Food prices fell by 0.9% on average in July on a monthly basis for the second month in a row, and prices of clothing and consumer durables also became cheaper. In the coming months, the gradual deceleration of the annual rate of monetary depreciation in Hungary could continue and by the end of the year the single-digit inflation range could be within reach, i.e. inflation could fall below 10%.
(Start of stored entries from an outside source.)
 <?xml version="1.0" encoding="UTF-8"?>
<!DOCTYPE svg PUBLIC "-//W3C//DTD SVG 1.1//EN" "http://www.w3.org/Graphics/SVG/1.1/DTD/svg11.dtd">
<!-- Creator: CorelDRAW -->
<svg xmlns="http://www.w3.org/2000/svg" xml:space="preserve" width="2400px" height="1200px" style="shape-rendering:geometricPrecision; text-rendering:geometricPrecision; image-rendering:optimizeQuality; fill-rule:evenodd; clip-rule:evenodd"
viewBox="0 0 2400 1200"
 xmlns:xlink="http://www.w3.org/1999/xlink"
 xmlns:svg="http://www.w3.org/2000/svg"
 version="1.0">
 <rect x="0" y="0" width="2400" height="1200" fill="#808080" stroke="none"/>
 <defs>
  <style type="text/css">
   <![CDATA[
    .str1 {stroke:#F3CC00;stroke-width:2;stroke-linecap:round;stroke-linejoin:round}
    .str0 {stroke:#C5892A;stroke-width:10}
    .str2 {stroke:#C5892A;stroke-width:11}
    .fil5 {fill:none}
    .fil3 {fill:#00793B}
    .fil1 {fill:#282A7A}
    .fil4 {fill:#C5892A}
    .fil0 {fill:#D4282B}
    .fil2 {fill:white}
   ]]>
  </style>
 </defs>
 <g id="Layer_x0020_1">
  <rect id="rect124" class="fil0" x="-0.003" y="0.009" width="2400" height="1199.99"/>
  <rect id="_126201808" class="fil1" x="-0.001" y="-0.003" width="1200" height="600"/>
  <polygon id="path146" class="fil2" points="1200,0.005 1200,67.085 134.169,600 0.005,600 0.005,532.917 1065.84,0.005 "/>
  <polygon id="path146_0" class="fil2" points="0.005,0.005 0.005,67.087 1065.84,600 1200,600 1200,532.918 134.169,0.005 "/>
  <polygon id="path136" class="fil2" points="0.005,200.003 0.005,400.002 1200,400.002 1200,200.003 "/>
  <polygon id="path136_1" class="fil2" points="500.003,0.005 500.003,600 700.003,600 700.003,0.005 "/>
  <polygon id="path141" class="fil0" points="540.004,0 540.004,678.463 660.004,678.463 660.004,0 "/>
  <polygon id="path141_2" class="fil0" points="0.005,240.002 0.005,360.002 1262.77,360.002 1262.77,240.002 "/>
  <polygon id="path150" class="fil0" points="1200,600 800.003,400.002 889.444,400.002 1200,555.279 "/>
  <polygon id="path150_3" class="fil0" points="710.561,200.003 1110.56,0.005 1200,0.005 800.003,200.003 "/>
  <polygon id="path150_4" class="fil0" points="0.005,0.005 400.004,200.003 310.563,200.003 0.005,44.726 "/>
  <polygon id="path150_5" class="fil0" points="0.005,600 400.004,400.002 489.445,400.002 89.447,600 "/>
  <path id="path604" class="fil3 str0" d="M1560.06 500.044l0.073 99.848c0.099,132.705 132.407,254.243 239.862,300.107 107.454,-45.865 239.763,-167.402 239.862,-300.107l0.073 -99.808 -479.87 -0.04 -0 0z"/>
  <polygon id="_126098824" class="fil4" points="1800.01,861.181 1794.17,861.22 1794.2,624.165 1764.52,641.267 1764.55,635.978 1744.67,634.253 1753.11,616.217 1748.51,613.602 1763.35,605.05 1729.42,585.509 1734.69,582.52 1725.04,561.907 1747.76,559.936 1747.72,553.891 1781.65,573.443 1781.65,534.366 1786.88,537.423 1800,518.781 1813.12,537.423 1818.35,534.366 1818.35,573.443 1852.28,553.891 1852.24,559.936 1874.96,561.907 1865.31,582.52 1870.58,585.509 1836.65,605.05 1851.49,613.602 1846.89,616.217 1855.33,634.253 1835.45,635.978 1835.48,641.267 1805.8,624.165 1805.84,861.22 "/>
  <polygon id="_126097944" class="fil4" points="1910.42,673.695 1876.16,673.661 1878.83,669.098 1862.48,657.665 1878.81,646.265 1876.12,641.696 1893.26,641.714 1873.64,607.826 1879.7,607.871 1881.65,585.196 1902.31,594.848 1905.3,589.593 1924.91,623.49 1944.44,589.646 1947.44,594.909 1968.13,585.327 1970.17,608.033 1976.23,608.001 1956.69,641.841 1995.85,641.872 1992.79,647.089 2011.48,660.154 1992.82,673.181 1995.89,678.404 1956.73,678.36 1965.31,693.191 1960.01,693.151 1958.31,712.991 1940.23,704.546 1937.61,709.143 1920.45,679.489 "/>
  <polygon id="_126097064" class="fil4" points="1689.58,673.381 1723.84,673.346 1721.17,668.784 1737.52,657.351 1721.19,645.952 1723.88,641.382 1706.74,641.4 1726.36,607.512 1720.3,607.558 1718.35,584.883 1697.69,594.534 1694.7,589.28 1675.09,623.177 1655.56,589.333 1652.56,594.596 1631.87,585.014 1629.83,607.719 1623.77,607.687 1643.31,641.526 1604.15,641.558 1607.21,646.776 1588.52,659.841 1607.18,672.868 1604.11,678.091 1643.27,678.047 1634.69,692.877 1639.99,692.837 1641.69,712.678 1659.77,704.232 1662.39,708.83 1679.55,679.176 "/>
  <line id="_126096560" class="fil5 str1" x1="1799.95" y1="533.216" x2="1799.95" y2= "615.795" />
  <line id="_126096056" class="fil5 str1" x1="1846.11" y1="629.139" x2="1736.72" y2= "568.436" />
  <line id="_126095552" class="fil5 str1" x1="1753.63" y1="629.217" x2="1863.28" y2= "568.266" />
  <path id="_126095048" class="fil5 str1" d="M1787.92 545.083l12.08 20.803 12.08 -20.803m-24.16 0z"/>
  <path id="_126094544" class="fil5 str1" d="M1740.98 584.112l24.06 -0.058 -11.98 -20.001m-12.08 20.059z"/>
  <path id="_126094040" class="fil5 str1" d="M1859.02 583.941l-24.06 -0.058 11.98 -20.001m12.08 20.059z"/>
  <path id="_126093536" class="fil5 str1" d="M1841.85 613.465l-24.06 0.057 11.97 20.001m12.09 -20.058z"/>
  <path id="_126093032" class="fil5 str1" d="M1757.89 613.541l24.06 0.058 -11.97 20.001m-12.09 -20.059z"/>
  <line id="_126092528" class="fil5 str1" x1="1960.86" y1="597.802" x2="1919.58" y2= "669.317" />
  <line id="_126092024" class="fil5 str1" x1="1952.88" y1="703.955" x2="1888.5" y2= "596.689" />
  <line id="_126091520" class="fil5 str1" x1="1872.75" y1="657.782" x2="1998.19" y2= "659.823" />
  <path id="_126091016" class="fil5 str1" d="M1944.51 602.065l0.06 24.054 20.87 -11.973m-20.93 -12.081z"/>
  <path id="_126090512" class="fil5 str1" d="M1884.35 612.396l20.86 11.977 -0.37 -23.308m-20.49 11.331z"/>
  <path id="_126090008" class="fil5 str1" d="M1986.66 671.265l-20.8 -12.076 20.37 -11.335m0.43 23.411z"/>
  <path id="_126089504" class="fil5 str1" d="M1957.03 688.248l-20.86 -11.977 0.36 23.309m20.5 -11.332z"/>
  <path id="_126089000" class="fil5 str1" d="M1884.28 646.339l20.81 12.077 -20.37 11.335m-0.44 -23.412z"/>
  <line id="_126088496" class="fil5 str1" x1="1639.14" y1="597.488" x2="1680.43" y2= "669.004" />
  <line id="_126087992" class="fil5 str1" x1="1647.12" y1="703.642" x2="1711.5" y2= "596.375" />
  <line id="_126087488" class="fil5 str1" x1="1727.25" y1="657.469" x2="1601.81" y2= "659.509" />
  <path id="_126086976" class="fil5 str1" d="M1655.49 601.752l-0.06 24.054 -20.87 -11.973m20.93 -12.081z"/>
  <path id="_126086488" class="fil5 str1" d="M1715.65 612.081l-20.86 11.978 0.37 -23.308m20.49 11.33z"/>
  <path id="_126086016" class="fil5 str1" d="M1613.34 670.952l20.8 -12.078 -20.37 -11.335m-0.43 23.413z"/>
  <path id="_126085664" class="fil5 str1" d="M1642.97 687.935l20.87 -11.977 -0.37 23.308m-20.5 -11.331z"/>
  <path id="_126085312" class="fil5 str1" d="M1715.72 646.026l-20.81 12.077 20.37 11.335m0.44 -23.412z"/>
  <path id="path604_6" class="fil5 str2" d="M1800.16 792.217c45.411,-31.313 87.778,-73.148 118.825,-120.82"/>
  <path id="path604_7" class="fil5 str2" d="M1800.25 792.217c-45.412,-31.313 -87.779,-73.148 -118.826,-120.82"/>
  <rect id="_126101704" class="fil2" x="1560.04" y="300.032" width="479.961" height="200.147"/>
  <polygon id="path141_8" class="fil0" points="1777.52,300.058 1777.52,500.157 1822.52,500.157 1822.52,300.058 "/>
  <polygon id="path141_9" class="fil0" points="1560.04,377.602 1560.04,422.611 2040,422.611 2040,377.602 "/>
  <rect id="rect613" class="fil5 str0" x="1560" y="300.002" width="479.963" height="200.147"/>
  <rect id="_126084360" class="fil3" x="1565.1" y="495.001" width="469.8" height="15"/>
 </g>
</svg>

Past and predicted inflation in Hungary. Graphic: Oeconomus

Reasons listed among the causes of decreasing inflation:

  • Base effect – A technical effect in the calculation of inflation: the high rate of price increases in the same month last year is removed from the calculation of the indicator (the base), thus slowing down current inflation. This factor has a significant positive impact on inflation in the remaining months of the year.
  • Prices of energy commodities, raw materials and food prices on world markets are also showing signs of normalization, with supply chains recovering. As a small open economy, Hungary imports external inflationary developments, mainly in the EU. In the euro area, inflation slowed to 5.3% (July), in the US consumer prices rose by an average of 3% in June, while in OECD member states they rose by 5.7% (year-on-year basis).
  • Tight monetary policy – Domestic (MNB) and international (mainly ECB and Fed) central bank interest rate hikes are dampening economic activity, thereby affecting the slowdown in inflation both abroad and at home.
  • The correction in household demand due to high prices is curbing further price increases. The fall in sales (down by more than 10% in January-June here) is encouraging sellers to lower prices in order to maintain sales.
  • Price freezes – Maximizing consumer prices for basic foodstuffs, mainly as a social measure to protect those on modest incomes. Price freezes in Hungary lasted until 31 July, so they still affected July inflation.
  • “Price war” – Since the beginning of the year, retail chains have continued to apply discounted prices on certain products, or periods of special offers. Recognizing the slowdown in sales, the larger chains are bidding against each other to reduce prices in order to compete for customers.
  • Mandatory promotions – In addition to the promotions run by individual retail chains, mandatory promotions will also have an impact on price reductions from 1 June. After the price freezes are lifted in August, the products concerned will also be included in the compulsory promotions.
  • An online price monitoring and comparison system was introduced from 1 July, helping to increase competition in the market and prevent overpricing. The system monitors the prices of more than 60 products in 1200 shops of six retail chains.
  • Household overheads reduction – Residential consumers will be able to use their gas and electricity mains supply at below-market prices, protected below average consumption levels.
  • As of 1 July, the electricity price paid by nearly 5,000 companies in the manufacturing, accommodation and logistics sectors has been capped at €200 per megawatt hour. In return, they are being asked not to increase their prices.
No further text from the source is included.